Finally Ratified: 802.11n Will Replace Today’s Wi-Fi By 2011
After years of “draft” products, there’s now an official fast Wi-Fi standard. Expect it to take over very quickly
Standards-maker the IEEE has finally given formal approval to the 802.11n standard for faster Wi-Fi, which has been built into products for at least two years.
Standards at the IEEE are produced by a lengthy process, where vendors frequently lobby for their fav oured solution, and which can sometimes be derailed by disagreements. In the case of the faster Wi-Fi standard, the arguments were all over some four years ago, and vendors have been bringing out products that meet “drafts” of the final standard since then.
Wi-Fi speeds are variable, but 802.11n is significant, because it boosts Wi-Fi to comparable performance to wired Ethernet. Wi-Fi vendors have predicted it will spark a move to replace wires with wireless – or at least not to bother wiring up every desk, relying instead on Wi-Fi.
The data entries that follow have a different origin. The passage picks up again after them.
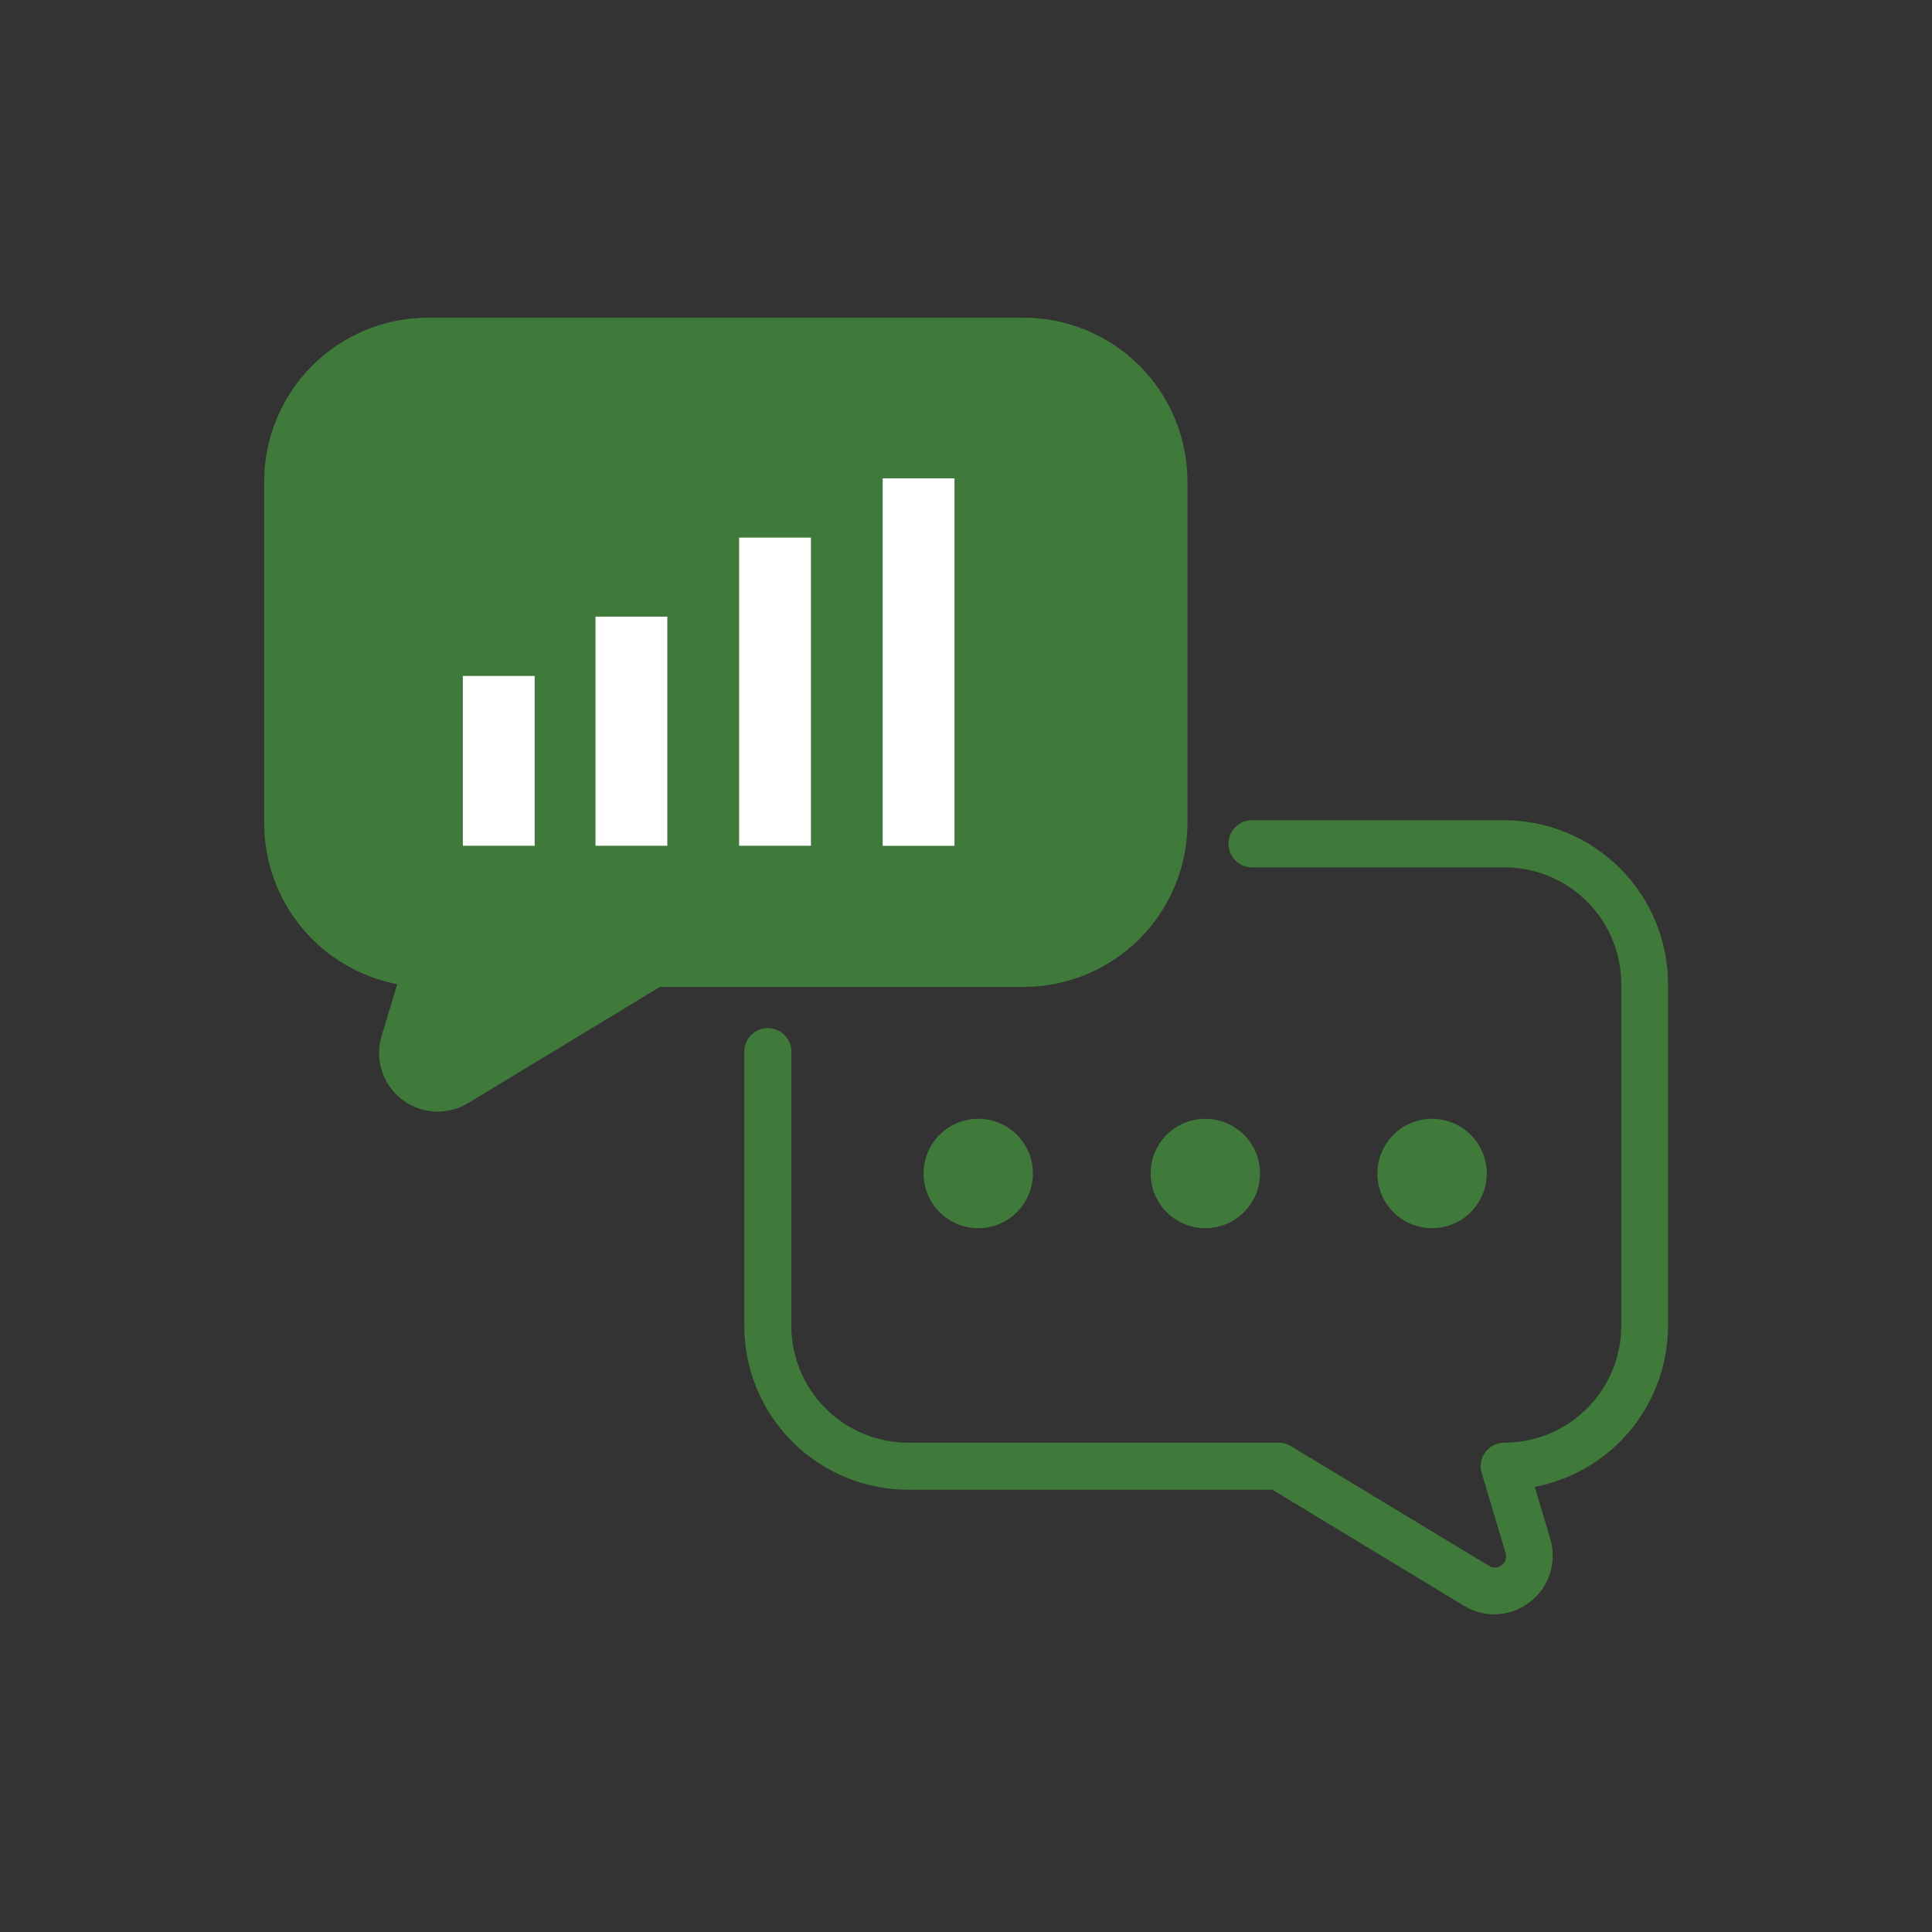 <svg width="300" height="300" viewBox="0 0 300 300" fill="none" xmlns="http://www.w3.org/2000/svg">
<rect x="0" y="0" width="300" height="300" fill="#333333" stroke="none"/>
<path d="M184.14 74.76V127.85C184.124 134.514 181.471 140.9 176.76 145.613C172.049 150.326 165.664 152.982 159 153H102.4L72.54 171.09C71.012 172.013 69.241 172.452 67.459 172.35C65.677 172.247 63.967 171.609 62.555 170.517C61.142 169.426 60.093 167.933 59.544 166.235C58.995 164.536 58.973 162.711 59.48 161L62 152.63C56.19 151.581 50.932 148.526 47.144 143.997C43.355 139.469 41.277 133.754 41.27 127.85V74.76C41.278 68.09 43.929 61.694 48.643 56.974C53.357 52.255 59.749 49.596 66.42 49.58H159C165.669 49.599 172.059 52.259 176.77 56.978C181.482 61.697 184.132 68.091 184.14 74.76Z" fill="#407A3A" stroke="#407A3B" stroke-width="0.5" stroke-miterlimit="10"/>
<path d="M232.05 250.42C230.431 250.416 228.844 249.97 227.46 249.13L197.64 231.07H141C134.324 231.062 127.924 228.407 123.204 223.686C118.483 218.966 115.828 212.566 115.82 205.89V163.12C115.867 162.249 116.247 161.429 116.88 160.829C117.513 160.229 118.353 159.895 119.225 159.895C120.097 159.895 120.937 160.229 121.57 160.829C122.203 161.429 122.583 162.249 122.63 163.12V205.89C122.635 210.761 124.572 215.432 128.016 218.877C131.459 222.323 136.129 224.262 141 224.27H198.55C199.17 224.27 199.779 224.44 200.31 224.76L231 243.31C231.349 243.545 231.764 243.663 232.184 243.649C232.605 243.634 233.01 243.488 233.342 243.23C233.675 242.971 233.917 242.615 234.035 242.211C234.153 241.807 234.141 241.376 234 240.98L230.32 228.64C230.167 228.132 230.135 227.596 230.226 227.074C230.318 226.551 230.531 226.058 230.848 225.633C231.165 225.208 231.577 224.863 232.052 224.627C232.526 224.39 233.05 224.268 233.58 224.27C235.996 224.273 238.39 223.799 240.623 222.877C242.856 221.955 244.886 220.602 246.597 218.895C248.307 217.188 249.665 215.161 250.592 212.93C251.519 210.698 251.997 208.306 252 205.89V152.8C251.995 147.93 250.058 143.26 246.614 139.816C243.17 136.372 238.5 134.435 233.63 134.43H194.23C193.359 134.383 192.539 134.003 191.939 133.37C191.339 132.737 191.005 131.897 191.005 131.025C191.005 130.153 191.339 129.313 191.939 128.68C192.539 128.047 193.359 127.667 194.23 127.62H233.58C240.256 127.628 246.656 130.283 251.376 135.004C256.097 139.724 258.752 146.124 258.76 152.8V205.89C258.752 211.8 256.67 217.519 252.876 222.05C249.081 226.58 243.817 229.635 238 230.68L240.49 239.03C240.881 240.351 240.96 241.744 240.719 243.1C240.478 244.456 239.925 245.738 239.103 246.843C238.281 247.948 237.213 248.847 235.984 249.468C234.754 250.089 233.397 250.415 232.02 250.42H232.05Z" fill="#407A3A" stroke="#407A3B" stroke-width="0.5" stroke-miterlimit="10"/>
<path d="M151.9 190.71C156.589 190.71 160.39 186.909 160.39 182.22C160.39 177.531 156.589 173.73 151.9 173.73C147.211 173.73 143.41 177.531 143.41 182.22C143.41 186.909 147.211 190.71 151.9 190.71Z" fill="#407A3A"/>
<path d="M187.16 190.71C191.849 190.71 195.65 186.909 195.65 182.22C195.65 177.531 191.849 173.73 187.16 173.73C182.471 173.73 178.67 177.531 178.67 182.22C178.67 186.909 182.471 190.71 187.16 190.71Z" fill="#407A3A"/>
<path d="M222.37 190.71C227.059 190.71 230.86 186.909 230.86 182.22C230.86 177.531 227.059 173.73 222.37 173.73C217.681 173.73 213.88 177.531 213.88 182.22C213.88 186.909 217.681 190.71 222.37 190.71Z" fill="#407A3A"/>
<path d="M83.02 104.96H71.87V131.33H83.02V104.96Z" fill="white"/>
<path d="M103.62 95.75H92.47V131.33H103.62V95.75Z" fill="white"/>
<path d="M125.92 83.48H114.77V131.33H125.92V83.48Z" fill="white"/>
<path d="M148.21 74.28H137.06V131.34H148.21V74.28Z" fill="white"/>
</svg>

It also gives mainstream Wi-Fi equipment the option to move from the overcrowded 2.4GHz band to the clearer 5GHz band, where there are more channels, and fewer competition with other devices and technologies such as Bluetooth and microwave ovens.
“The much more reliable and higher speed wireless of 802.11n cuts both capital costs incurred during deployment or refurbishment of network infrastructures, and invariably cuts annual operational costs to such a degree that the new wireless network pays for itself within 9-18 months,” Roger Hockaday, director of marketing, EMEA for Aruba Networks, told eWEEK Europe earlier this year. .
802.11n will supersede the existing 802.11g standard fairly rapidly, according to vendors. “This year we will see pricing get down to the current level of 802.11g,” said Selina Lo, chief executive of Ruckus Wireless, a company which only moved into 802.11n’s 5GHz band in March this year.
“By 2011, people will start to discontinue their 802.11g products, and it will all be 802.11n” said Lo.
Other IEEE standards that are causing debate include one where HP has acted against a virtualisation standard that it believes favours Cisco’s Unified Computing System (UCS). Among a vast range of networking standards, the group is also currently producing a “green Ethernet” standard which cuts power consumption by wired switches.